But then Streamlit wasn't capable of even pulling the repo! so I uploaded the model checkpoints and some other files to Google Drive, put them in a public folder, and then used a module called gdown to download those folders when needed! here's a link to that gdown, it's straightforward to use and install.

Video preview of the application:

fast animation version
Notice how only the lips are moving.

English version:

https://github.com/Aml-Hassan-Abd-El-hamid/AI-Lip-Sync/assets/66205928/36577ccb-5ec6-4bb4-b7ff-44bb52a4f984

Arabic version:

https://github.com/Aml-Hassan-Abd-El-hamid/ai-lip-sync-app/assets/66205928/4346aa6d-ea4e-400e-9124-1cce06b049df

slower animation version
Notice how the eye and the whole face are moving instead of only the lips.

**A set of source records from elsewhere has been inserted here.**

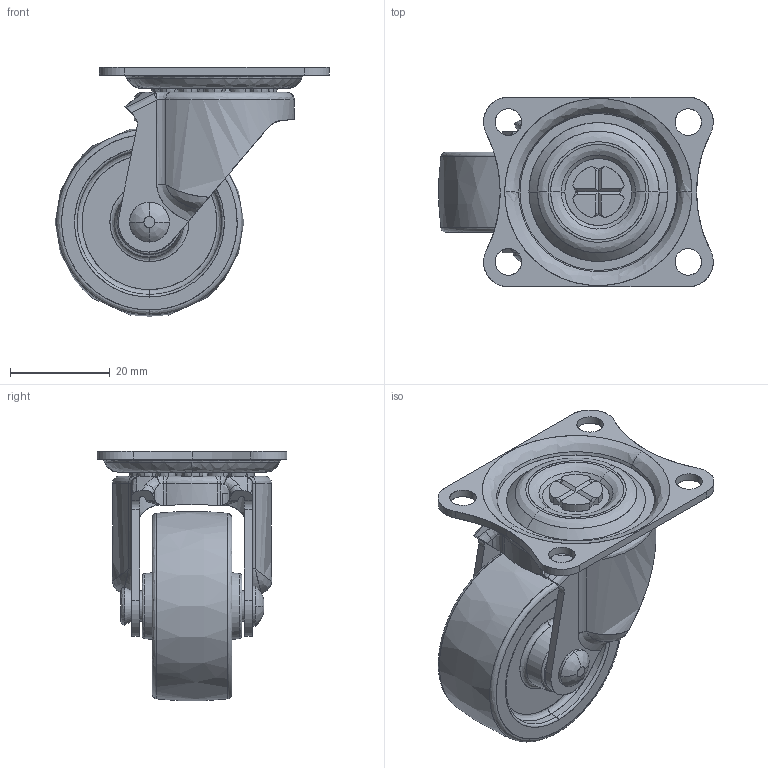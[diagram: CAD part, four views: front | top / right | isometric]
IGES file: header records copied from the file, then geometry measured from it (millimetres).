
Start section: JAMA-IS VERSION  1.0
Global section: file name: unknown; native system: SolidMX; preprocessor: V1.20; author: unknown; organization: unknown; date: 051215.134356; units: millimetre
Bounding box: 54.95 x 38 x 49.96 mm (x, y, z)
Surface area: 15434.8 mm2 (no closed solid volume)
Topology: 0 solids, 0 shells, 396 faces, 3037 edges, 2889 vertices
Faces by surface type: bspline 396

Unfortunately, Streamlit can't handle the computational power that the slower animation version requires and that's why I made it only available on the offline version, which means that you need to run the application locally to try that version.

English version:

https://github.com/Aml-Hassan-Abd-El-hamid/AI-Lip-Sync/assets/66205928/26740856-52e5-4fe7-868d-3b9341e97064

Arabic version:

https://github.com/Aml-Hassan-Abd-El-hamid/ai-lip-sync-app/assets/66205928/ba97daca-b30d-4179-9387-a382abbca3ba

The only difference between the fast and slow versions of animation here is the fact that the fast version passes only a photo while the slow version passes a video instead.